- DVD cover
- Genre: Crime; Drama;
- Written by: Gregor Jordan
- Directed by: Gregor Jordan; Fadia Abboud;
- Composer: Richard Pike
- Country of origin: Australia
- Original language: English
- No. of episodes: 2

Production
- Executive producers: Julie McGauran; Chris Chard;
- Producers: Dan Edwards; John Edwards; Gregor Jordan;
- Cinematography: Garry Phillips
- Editors: Adam Wills; Katrina Barker;
- Production company: Roadshow Rough Diamond

Original release
- Network: Seven Network
- Release: 13 September – 14 September 2021

= Australian Gangster =

Australian Gangster is an Australian television miniseries, produced by the Seven Network, which premiered on 13 September 2021. The miniseries is directed by Gregor Jordan and Fadia Abboud and produced by Dan Edwards, John Edwards and Gregor Jordan for Roadshow Rough Diamond.

==Production==
The series was announced by Seven at their annual upfronts in October 2017 and was originally meant to air sometime in 2018, however due to pending legal cases of some of the characters being depicted, the series was delayed until the cases had closed.
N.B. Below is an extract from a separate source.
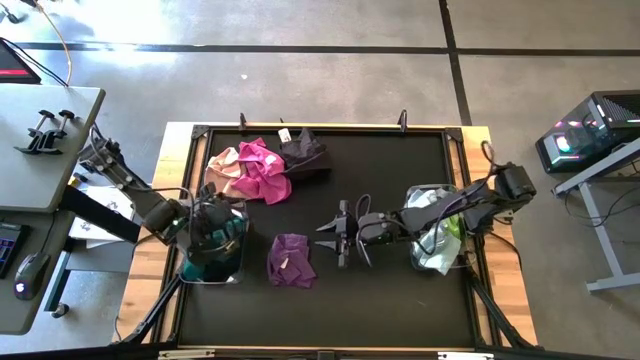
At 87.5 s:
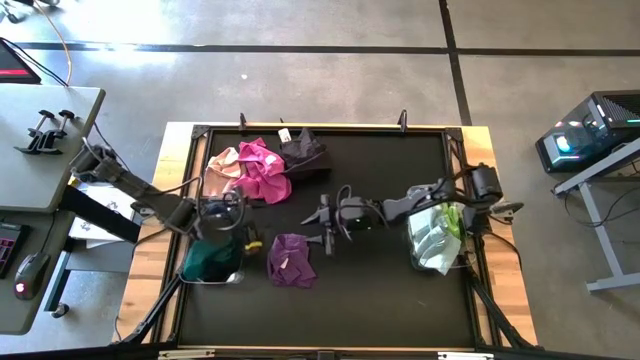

After two years without any information regarding the series, on 21 October 2020, Seven announced at their annual upfronts that the series would finally air sometime in 2021.

== Synopsis ==
Drug dealer, gangster, gym-junky, Lamborghini driver, husband, father, Australian Gangster is a four hour TV series about the life and death of a new breed of Sydney criminal. The kind that doesn't care about playing it safe or keeping a low profile or even getting caught. Our main character is emblematic of the type of modern gangster that only really cares about looking good on Instagram, making a name for himself in a new, wannabe glamorous crime scene, while at the same time trying to manage the pressures of family life.

==Cast==
- Alexander Bertrand as Pasquale 'Pat' Barbaro
- Peter Gonis
- Louisa Mignone as Melinda, Barbaro's wife
- Michael Vice
- Rahel Romahn as Mohammed 'Little Crazy' Hamzy, Brothers for Life member
- Zachary Garred
- Karla Tonkich
- Ishak Issa
- Steve Bastoni as Joe Barbaro
- Simon Palomares
- Joseph Fala
- Federico Gazzilli
- Marie Shanahan
- Moodi Dennaoui
- Michael Beckley as Locksmith
- David Paulsen

==Reception==
===Viewership===

The first part had an average rating of 359,000 viewers, and the second part has an average rating of 340,000.